Commission kick-starts work on the European Year of Skills

The Commission has adopted its proposal to make 2023 the European Year of Skills, following the announcement by President Ursula von der Leyen in her 2022 State of the Union address.

The Commission has adopted its proposal to make 2023 the European Year of Skills, following the announcement by President Ursula von der Leyen in her 2022 State of the Union address.

The green and digital transitions are opening up new opportunities for people and the EU economy. Having the relevant skills empowers people to successfully navigate labour market changes and to fully engage in society and democracy.

This will ensure that nobody is left behind and the economic recovery as well as the green and digital transitions are socially fair and just.

A workforce with the skills that are in demand also contributes to sustainable growth, leads to more innovation and improves companies’ competitiveness.

However, currently more than three quarters of companies in the EU report difficulties in finding workers with the necessary skills, and latest figures from Eurostat suggest that only 37% of adults undertake training on a regular basis.

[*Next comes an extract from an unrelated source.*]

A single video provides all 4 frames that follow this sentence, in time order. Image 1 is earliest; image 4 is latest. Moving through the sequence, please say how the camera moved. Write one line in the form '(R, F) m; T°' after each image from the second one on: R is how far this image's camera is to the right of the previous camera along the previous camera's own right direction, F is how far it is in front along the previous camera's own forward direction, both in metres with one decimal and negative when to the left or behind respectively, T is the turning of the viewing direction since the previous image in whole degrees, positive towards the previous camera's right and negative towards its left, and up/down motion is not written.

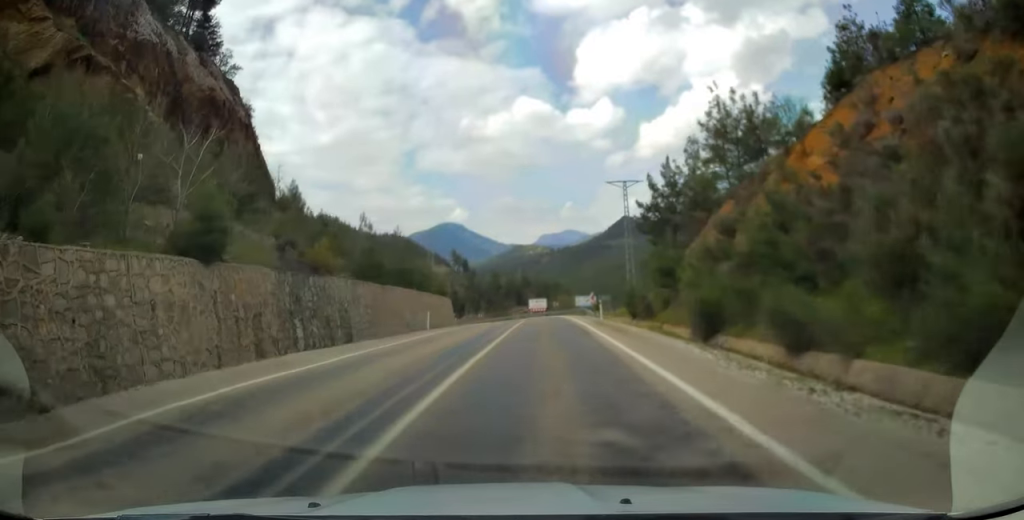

The Digital Economy and Society Index shows that 4 out of 10 adults and every third person who works in Europe lack basic digital skills. In addition, already in 2021, 28 occupations ranging from construction and healthcare to engineering and IT had shortages, showing a growing demand for both high and low-skilled workers.

There is also low representation of women in tech-related professions and studies, with only 1 in 6 IT specialists and 1 in 3 STEM graduates being women.

To encourage lifelong learning, Member States have endorsed the EU 2030 social targets that at least 60% of adults should participate in training every year, already presenting their national contribution to meeting this target.

This is also important to reach the employment rate target of at least 78% by 2030. The 2030 Digital Compass sets the EU target that by 2030, at least 80% of all adults should have at least basic digital skills, and there should be 20 million employed ICT specialists in the EU, while more women should be encouraged to take up such jobs.